Выбрать главу

Пушкин тоже был в восторге от двух первых выпусков журнала и в письме Ивану Киреевскому пожелал изданию многие лета: «До сих пор наши журналы были сухи и ничтожны или дельны, да сухи; кажется, „Европеец“ первый соединит дельность с заманчивостью. <…> Ваша статья о „Годунове“ и о „Наложнице“ порадовала все сердца; насилу-то дождались мы истинной критики».

Пушкин выразил надежду, что журнал разбудит бездействие Боратынского, о лирике которого он вновь высоко отозвался.

Впрочем, были у Пушкина и замечания к журналу: он посоветовал Киреевскому избегать учёных терминов, переводя их на русский: «<…> это будет и приятно неучам, и полезно нашему младенчествующему языку».
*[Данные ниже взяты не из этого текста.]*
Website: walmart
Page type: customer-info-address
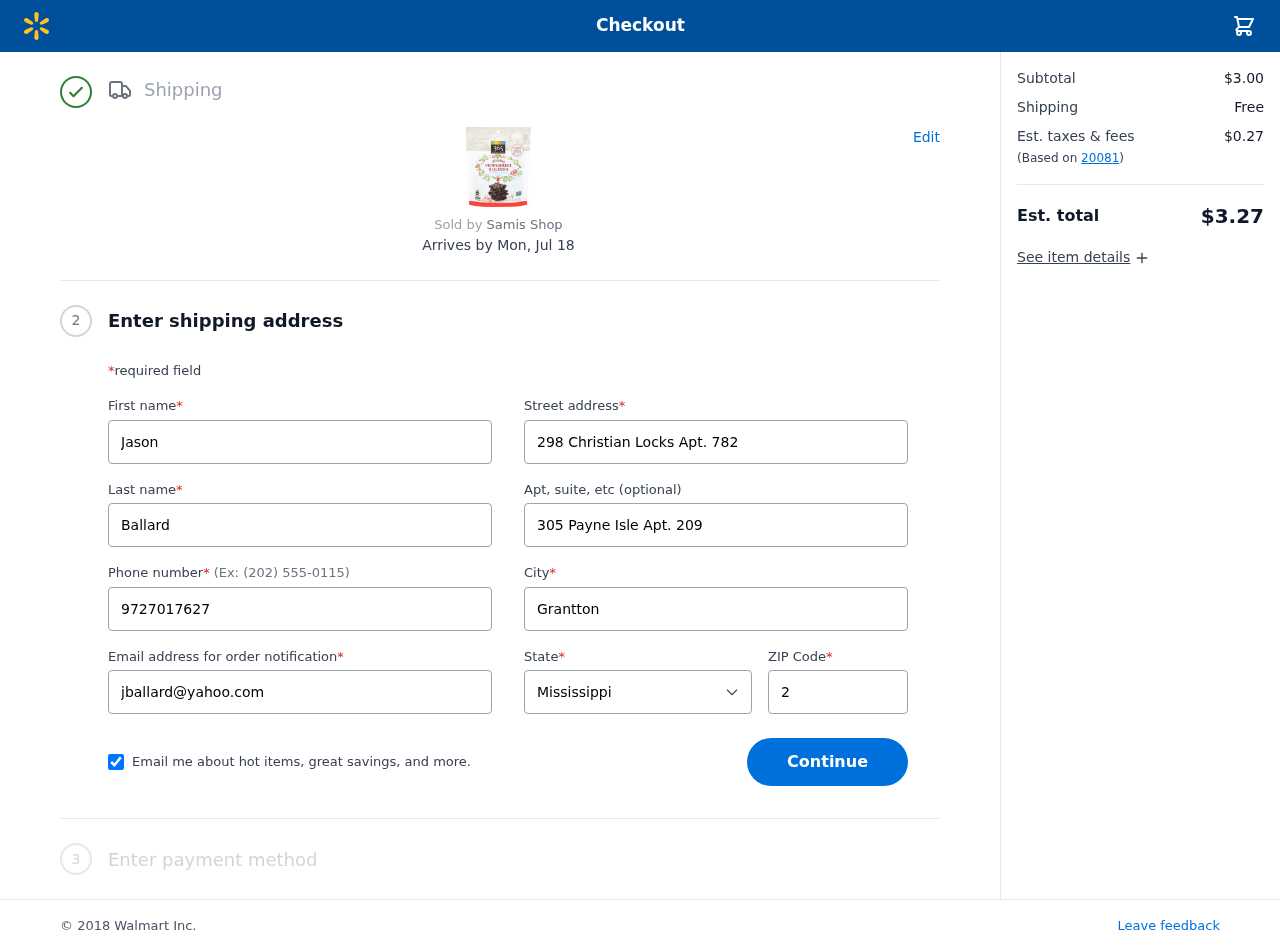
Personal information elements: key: PII_CITY
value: Grantton
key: PII_EMAIL
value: jballard@yahoo.com
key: PII_FIRSTNAME
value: Jason
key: PII_LASTNAME
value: Ballard
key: PII_PHONE
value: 9727017627
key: PII_POSTCODE
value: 20081
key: PII_STATE
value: Mississippi
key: PII_STREET
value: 298 Christian Locks Apt. 782
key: PII_STREET2
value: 305 Payne Isle Apt. 209
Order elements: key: ORDER_DELIVERY_DATE
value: Mon, Jul 18
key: ORDER_SUBTOTAL
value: $3.00
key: ORDER_SHIPPING_COST
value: Free
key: ORDER_TAX
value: $0.27
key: ORDER_TOTAL
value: $3.27

Отдельные замечания высказали издателю и Жуковский с Вяземским, в целом горячо одобрившие журнал. Однако Боратынский не согласился с критикой своих товарищей: «<…> Приноравливаясь к публике, мы её не подвинем. Писатели учат публику, и ежели она находит что-нибудь в них непонятное, это вселяет в неё ещё более уважения к сведениям, которых она не имеет, заставляет её отыскивать их, стыдяся своего невежества <…>». Он заметил, что статья Киреевского о XIX веке непонятна лишь там, где речь заходит о философии, зато выводы литературные отменно ясны даже для тех, кто не силён в таинствах новейшей метафизики. «Не знаю, поймёшь ли ты меня; но таков ход ума человеческого, что мы прежде верим, нежели исследуем, или, лучше сказать, исследуем для того только, чтобы доказать себе, что мы правы в нашей вере. Вот почему я нахожу полезным поступать как ты, то есть знакомить своих читателей с результатами науки, дабы, заставив полюбить оную, принудить заняться ею <…>».

Между тем, пока писатели восторгались журналом и мечтали сделать его ещё лучше, в Третьем отделении Его Императорского Величества канцелярии подготовили доклад о статье Киреевского «Девятнадцатый век». Мысли философа нашли либеральными, статью — политической, недопустимой в печати. Сугубая строгость властей объяснялась недавней Июльской революцией во Франции и восстанием в Польше, а также общим революционным настроением в Европе. Документ лёг на стол государю, и тот повелел закрыть журнал «Европеец». По Москве поползли слухи, что Киреевского отправят в крепость, а цензора Аксакова — на гауптвахту.

В феврале стало известно о решении Московского цензурного комитета: на С. Т. Аксакова наложено законное взыскание — «<…> и дабы издание оного журнала было на будущее время воспрещено, так как издатель оного г. Киреевский обнаружил себя человеком не благомыслящим и не благонадёжным». Цензор лишился работы — Киреевский остался с неизданной третьей книжкой журнала…

В марте 1832 года Боратынский в Каймарах получил от Киреевского письмо с этим печальным известием. Ответ его полон горечи:

«Я приписывал молчание твоё недосугу и не воображал ничего неприятного; можешь себе представить, как меня поразило письмо твоё <…>. От запрещения твоего журнала не могу опомниться. Нет сомнения, что тут действовал тайный, подлый и несправедливый доносчик. Но что в этом утешительного? Где найти на него суд? Что после этого можно предпринять в литературе? Я вместе с тобой лишился сильного побуждения к трудам словесным. Запрещение твоего журнала просто наводит на меня хандру и, судя по письму твоему, и на тебя навело меланхолию. Что делать! Будем мыслить в молчании и оставим литературное поприще Полевым и Булгариным. Поблагодарим Провидение за то, что оно нас подружило и что каждый из нас нашёл в другом человека, его понимающего, что есть ещё несколько людей нам по уму и по сердцу. Заключимся в своём кругу, как первые братия христиане, обладатели света, гонимого в своё время, а ныне торжествующего. Будем писать, не печатая. Может быть, придёт благопоспешное время <…>».

Чуть позже Боратынский попытался утешить друга: «<…> Много минут жизни, в которых нас поражает её бессмыслица: одни почерпают в них заключения, подобные твоим, другие — надежду другого, лучшего бытия. Я принадлежу к последним <…>».